Search code examples
pythonvisualizationk-means

How do I assign colors to clusters in kmeans?


I keep getting error messages for my kmeans clustering. Note: I am extremely new to everything and coding in general, so I am also looking to improve in any way. I tried personally defining each color, but that did not work either.

# create map
map_clusters = folium.Map(location=[latitude, longitude], zoom_start=11)

# set color scheme for the clusters
x = np.arange(kclusters)
ys = [i + x + (i*x)**2 for i in range(kclusters)]
colors_array = cm.rainbow(np.linspace(0, 1, len(ys)))
rainbow = [colors.rgb2hex(i) for i in colors_array]

# add markers to the map
markers_colors = []
for lat, lon, poi, cluster in zip(pittsburgh_merged['Latitude'], 
pittsburgh_merged['Longitude'], pittsburgh_merged['Neighborhood'], 
pittsburgh_merged['Cluster Labels']):
label = folium.Popup(str(poi) + ' Cluster ' + str(cluster), 
parse_html=True)
folium.CircleMarker(
[lat, lon],
radius=5,
popup=label,
color=rainbow[cluster-1],
fill=True,
fill_color=rainbow[cluster-1],
fill_opacity=0.7).add_to(map_clusters)

map_clusters

I expect an output of the map_clusters to be visible. It is supposed to be a map of Pittsburgh with venues organized by colors. Hence the rainbow assignment.

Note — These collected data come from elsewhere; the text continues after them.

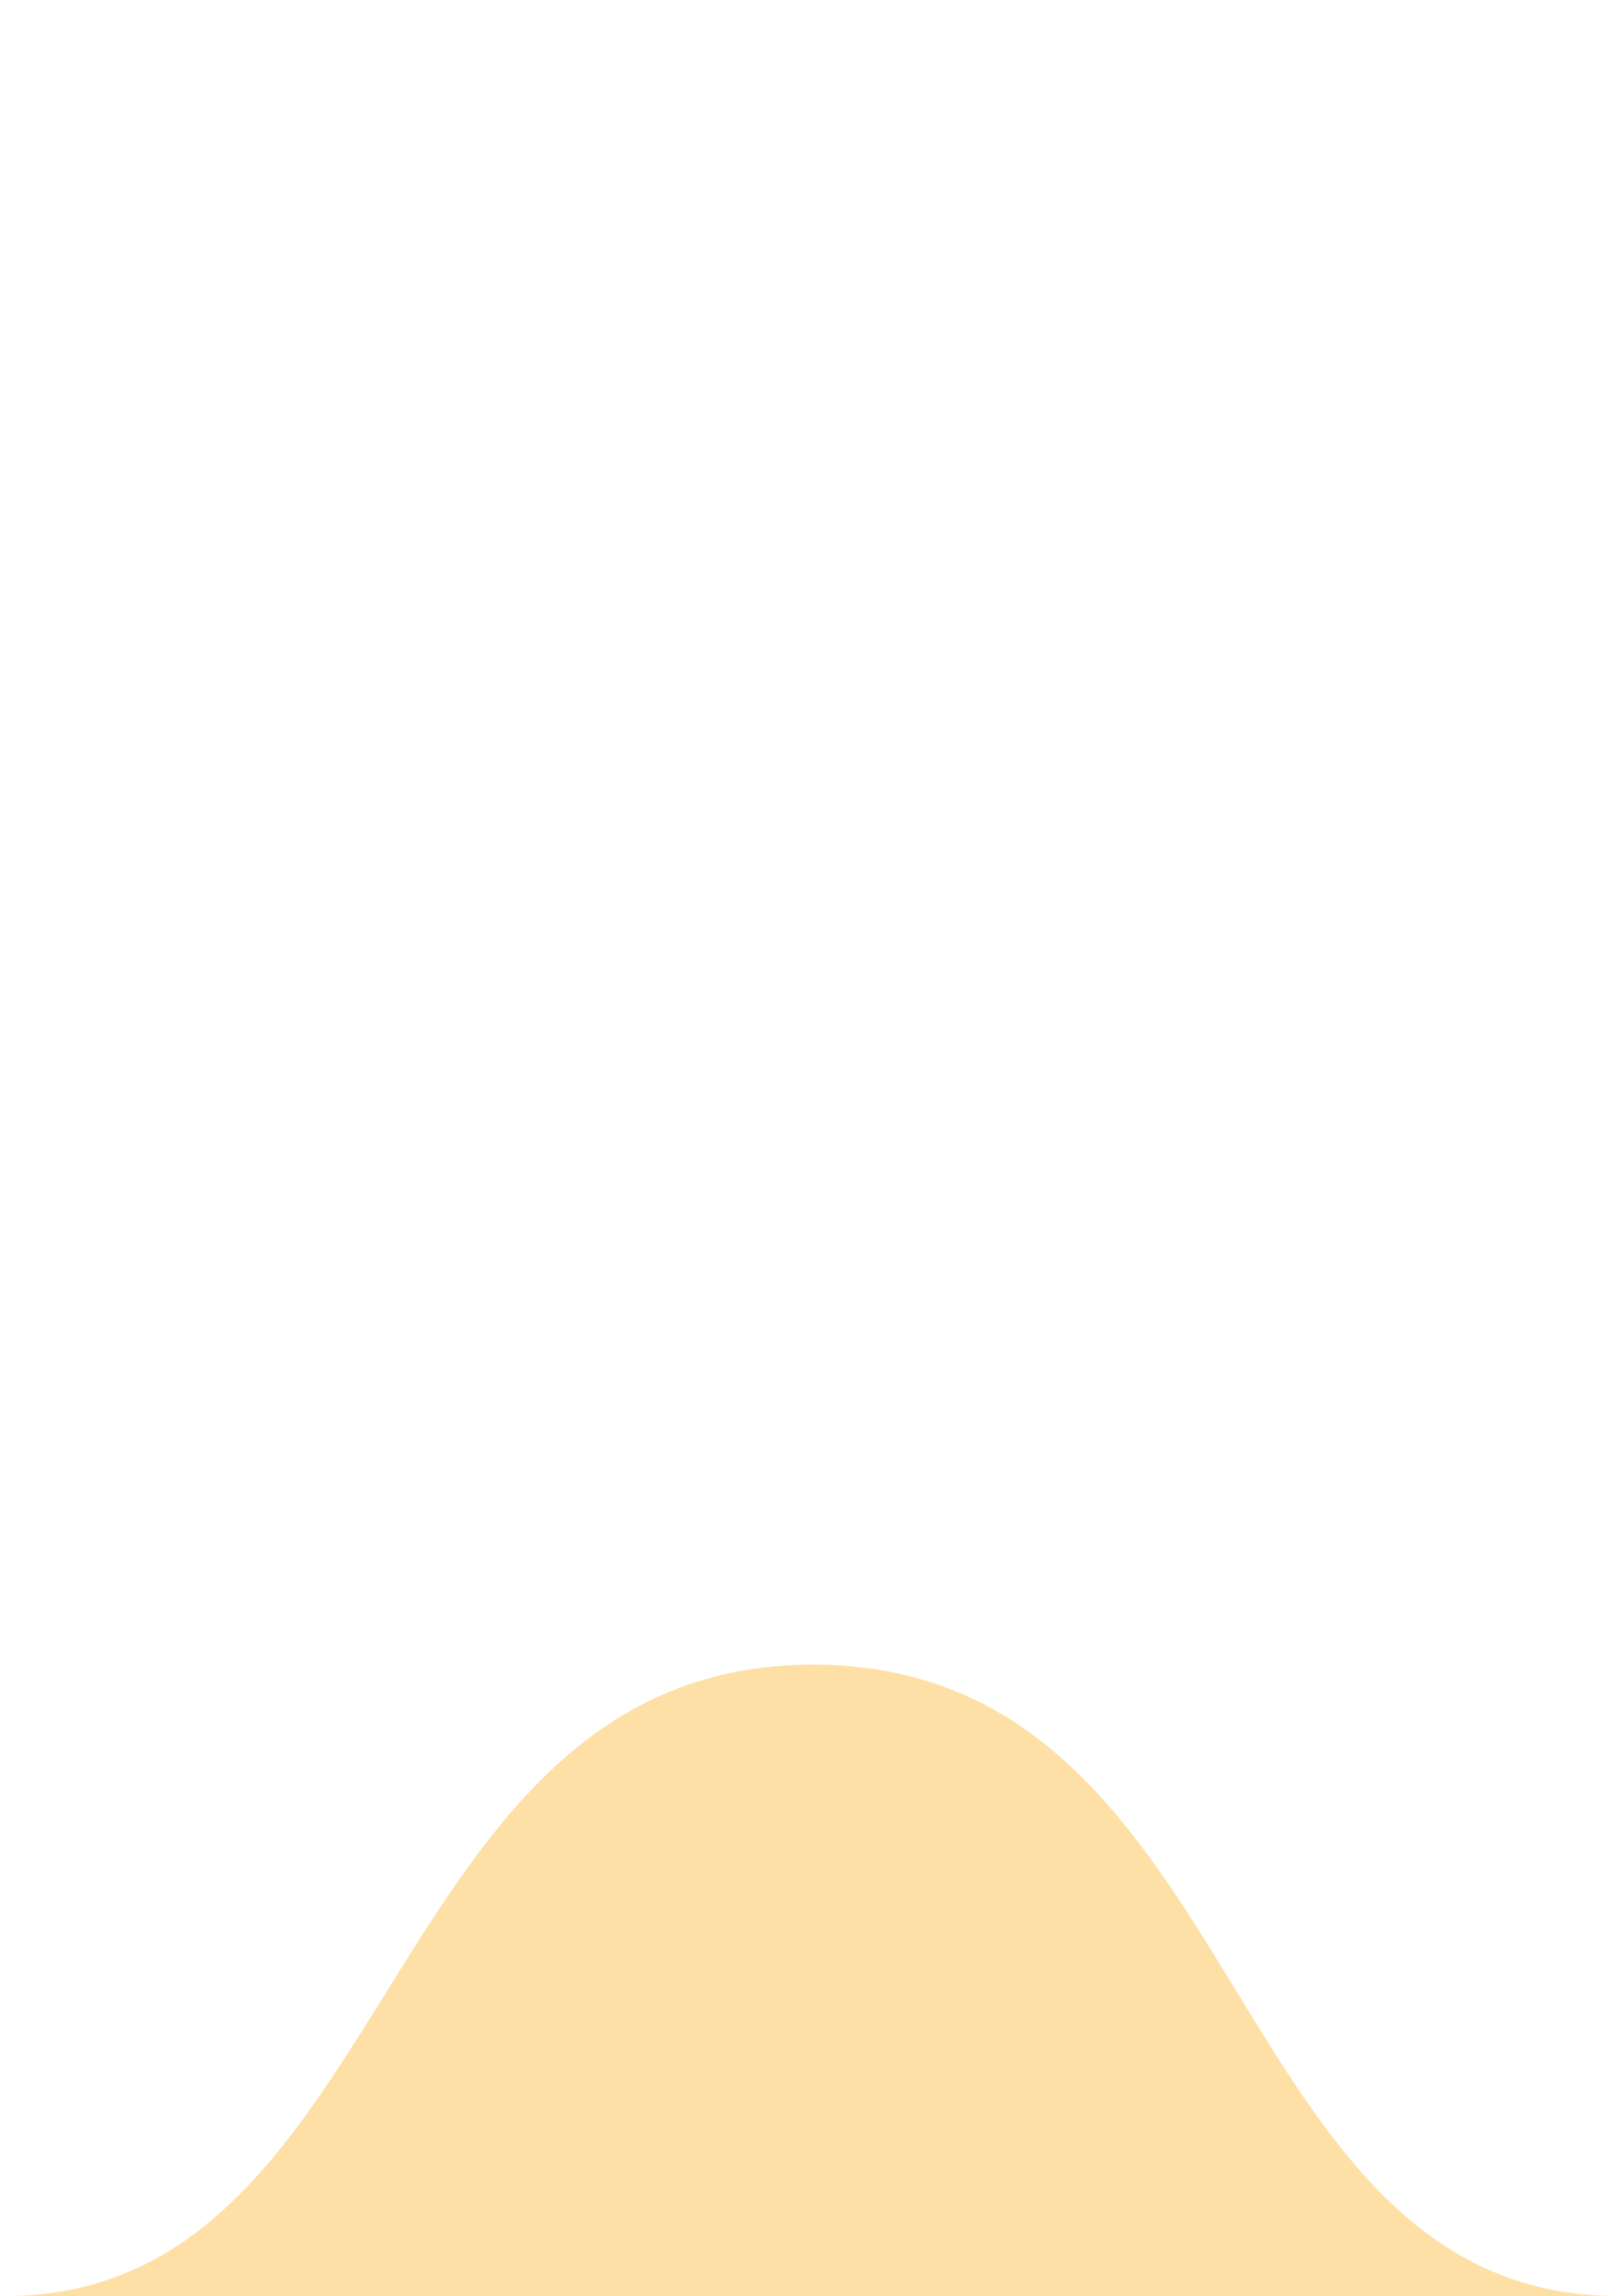 <?xml version="1.0" encoding="UTF-8"?>
<svg xmlns="http://www.w3.org/2000/svg" width="846" height="1200" viewBox="0 0 846 1200" fill="none">
  <g clip-path="url(#clip0_218_75)">
    <path opacity="0.8" d="M5.506 1199.98C3.688 1200.01 1.852 1200.01 0 1199.98H5.506C208.813 1197.06 198.295 870 425.126 870C653.985 870 636.98 1199.98 846 1199.98H5.506Z" fill="#FED891"></path>
  </g>
  <defs>
    <clipPath id="clip0_218_75">
      <rect width="846" height="1200" fill="white"></rect>
    </clipPath>
  </defs>
</svg>

However, I keep getting the "TypeError: list indices must be integers or slices, not float" error for the color and fill_color assignments.


Solution

  • The error you are receiving means that the index that you are using to access the list rainbow is not an integer, but a float. In this case, you are trying to access element cluster - 1 of the list rainbow. However, the expression cluster - 1 seems to be a float, which in turn implies that the variable cluster does not contain an int, but a float. Try to make sure that you are passing in integer, for example by casting the variable to an integer:

    color = rainbow[int(cluster)-1]

    However, this depends on the actual content of the variable and will not work if cluster contains a nan-value like inf. In this case (or all cases, actually), you should take a look at the data you have and make sure that is makes sense. Since you are trying to do k-means and receive float values and even nan-values for your cluster labels, it is possible that something went wrong earlier during the clustering process. Try looking at the actual content of the pittsburgh_merged variable by printing its content.